+++ Given entries
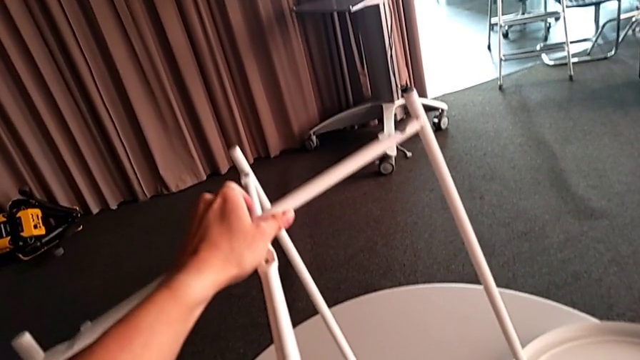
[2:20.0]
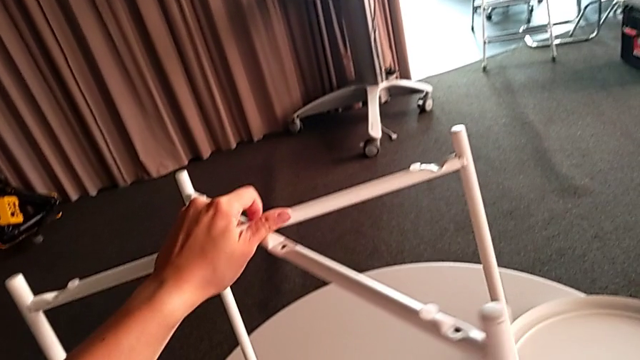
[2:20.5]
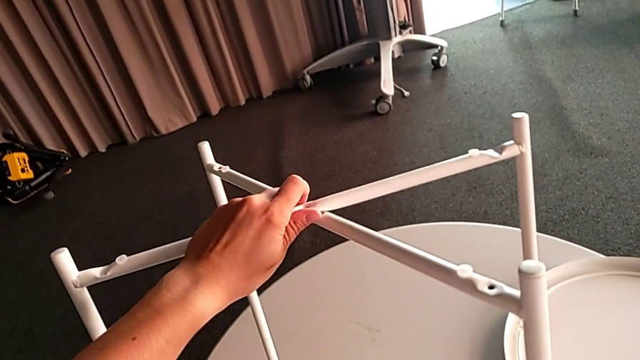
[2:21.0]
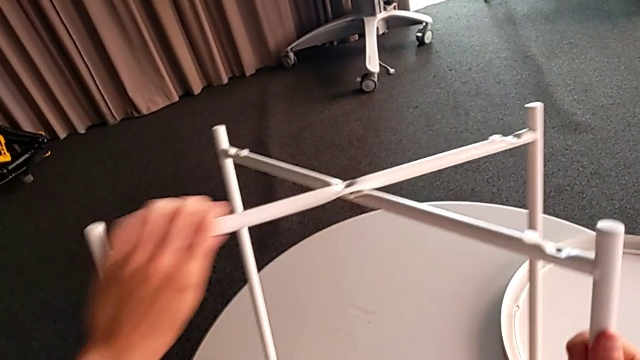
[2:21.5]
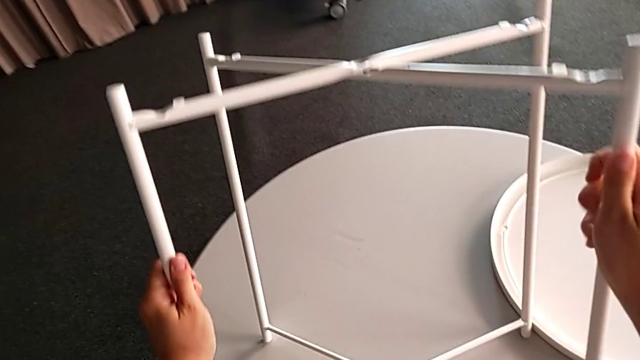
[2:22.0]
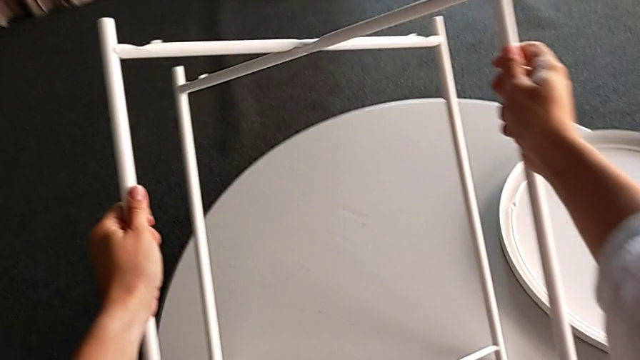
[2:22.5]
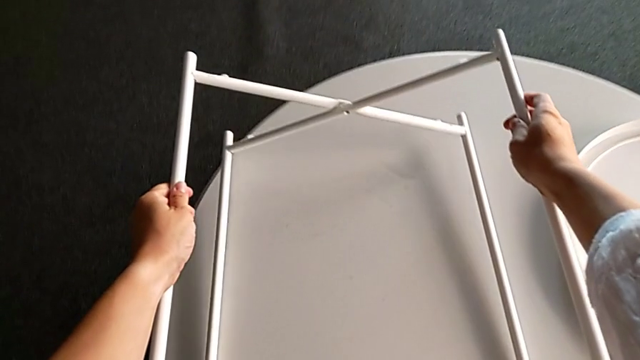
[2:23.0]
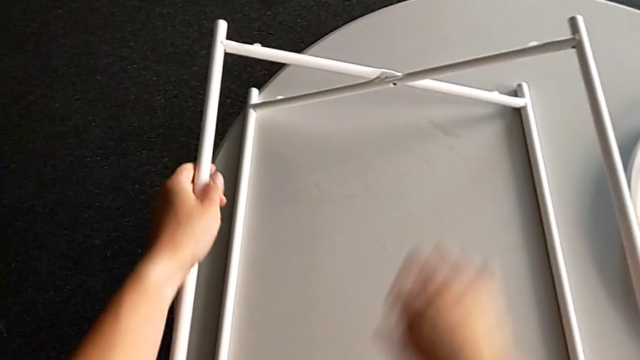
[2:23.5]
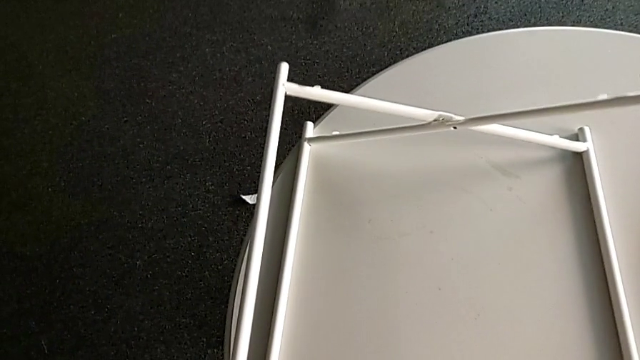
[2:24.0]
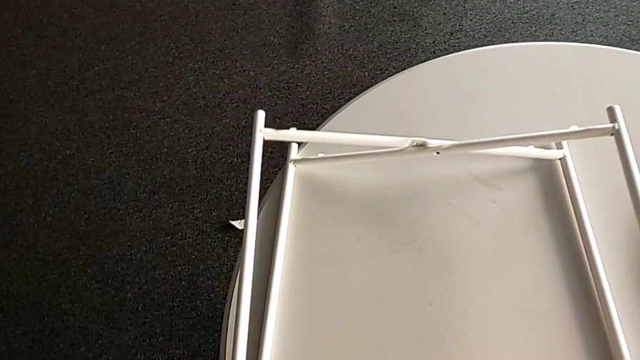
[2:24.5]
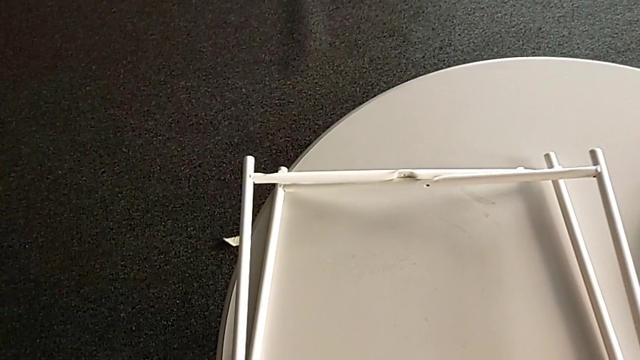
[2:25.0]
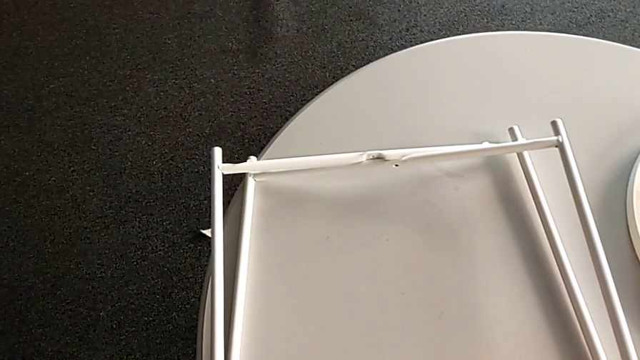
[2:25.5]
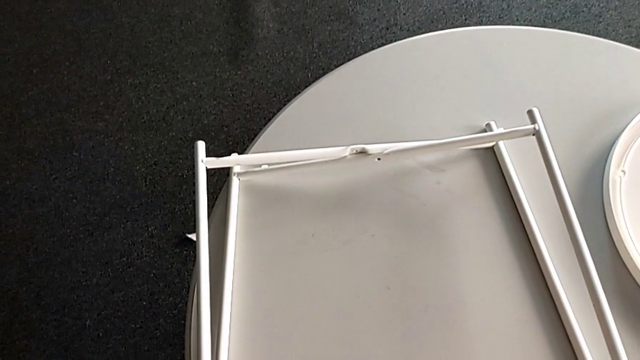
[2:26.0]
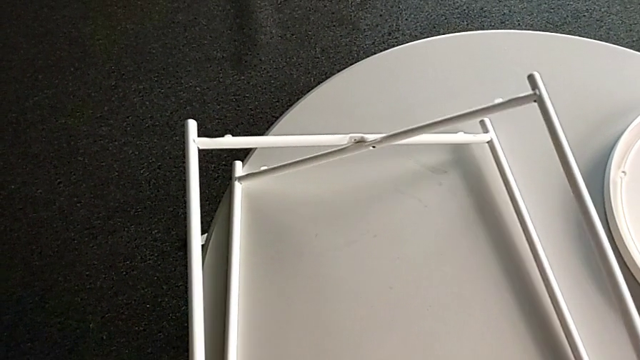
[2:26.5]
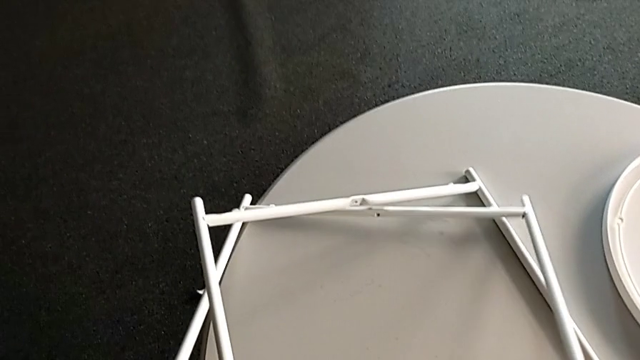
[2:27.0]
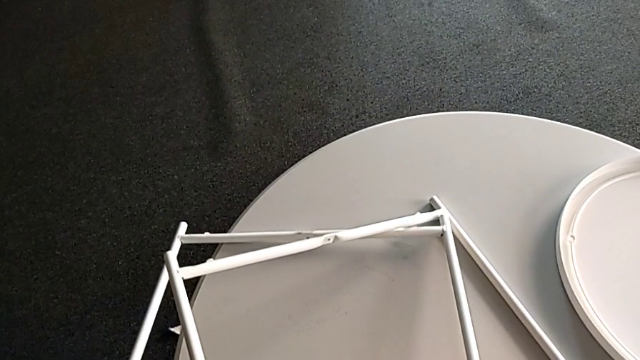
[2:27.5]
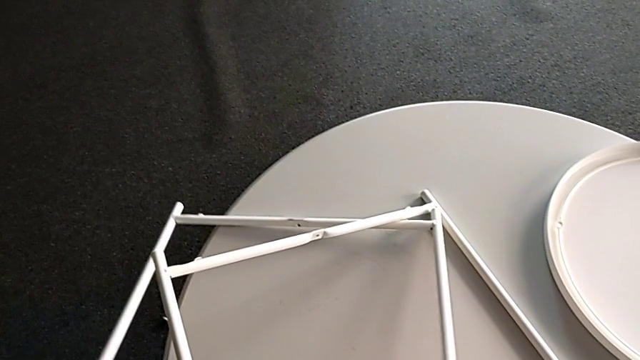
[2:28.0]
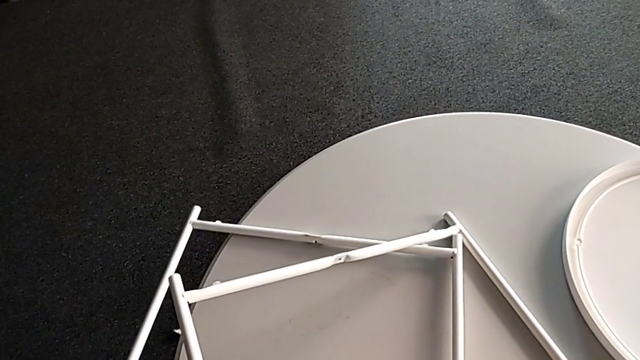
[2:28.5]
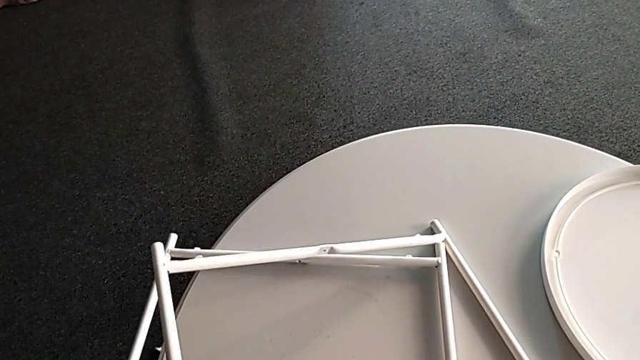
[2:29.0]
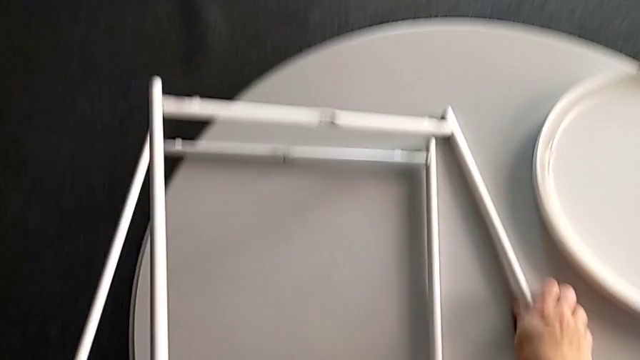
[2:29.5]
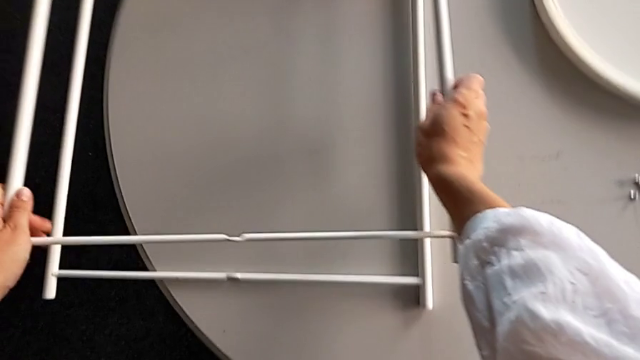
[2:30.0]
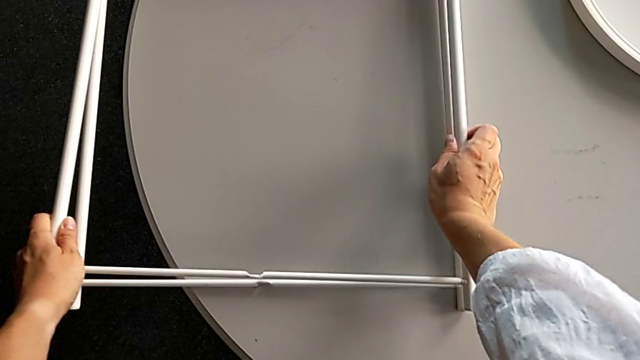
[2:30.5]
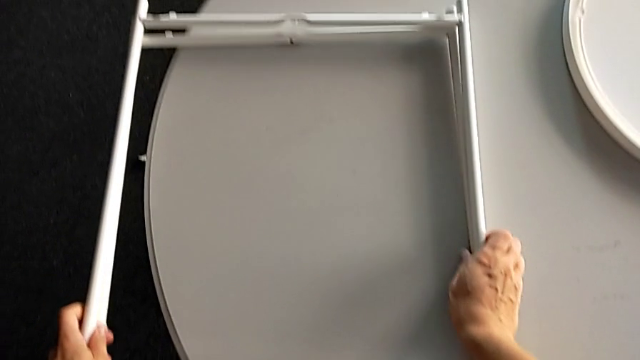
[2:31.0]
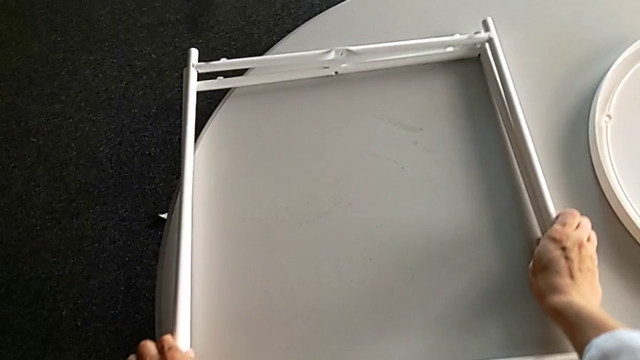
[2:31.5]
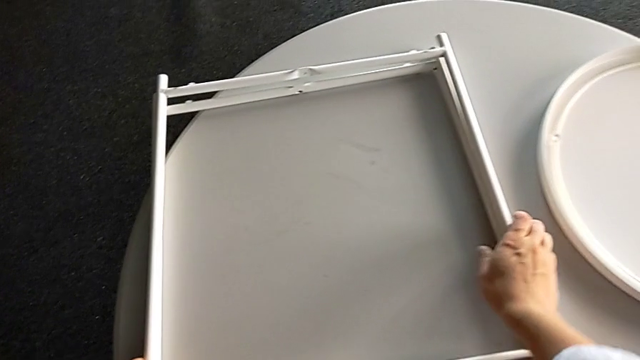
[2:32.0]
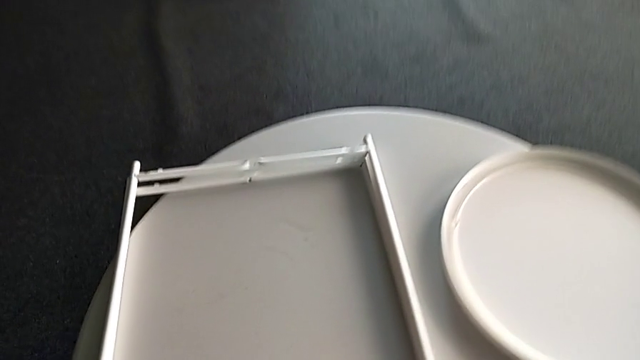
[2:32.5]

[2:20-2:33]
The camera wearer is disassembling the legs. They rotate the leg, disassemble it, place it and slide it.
++++++
What the answer must hold: all the data above, given again exactly, without pictures.

[Output below]:
[2:20.0]
[2:20.5]
[2:21.0]
[2:21.5]
[2:22.0]
[2:22.5]
[2:23.0]
[2:23.5]
[2:24.0]
[2:24.5]
[2:25.0]
[2:25.5]
[2:26.0]
[2:26.5]
[2:27.0]
[2:27.5]
[2:28.0]
[2:28.5]
[2:29.0]
[2:29.5]
[2:30.0]
[2:30.5]
[2:31.0]
[2:31.5]
[2:32.0]
[2:32.5]

[2:20-2:33]
The camera wearer is disassembling the legs. They rotate the leg, disassemble it, place it and slide it.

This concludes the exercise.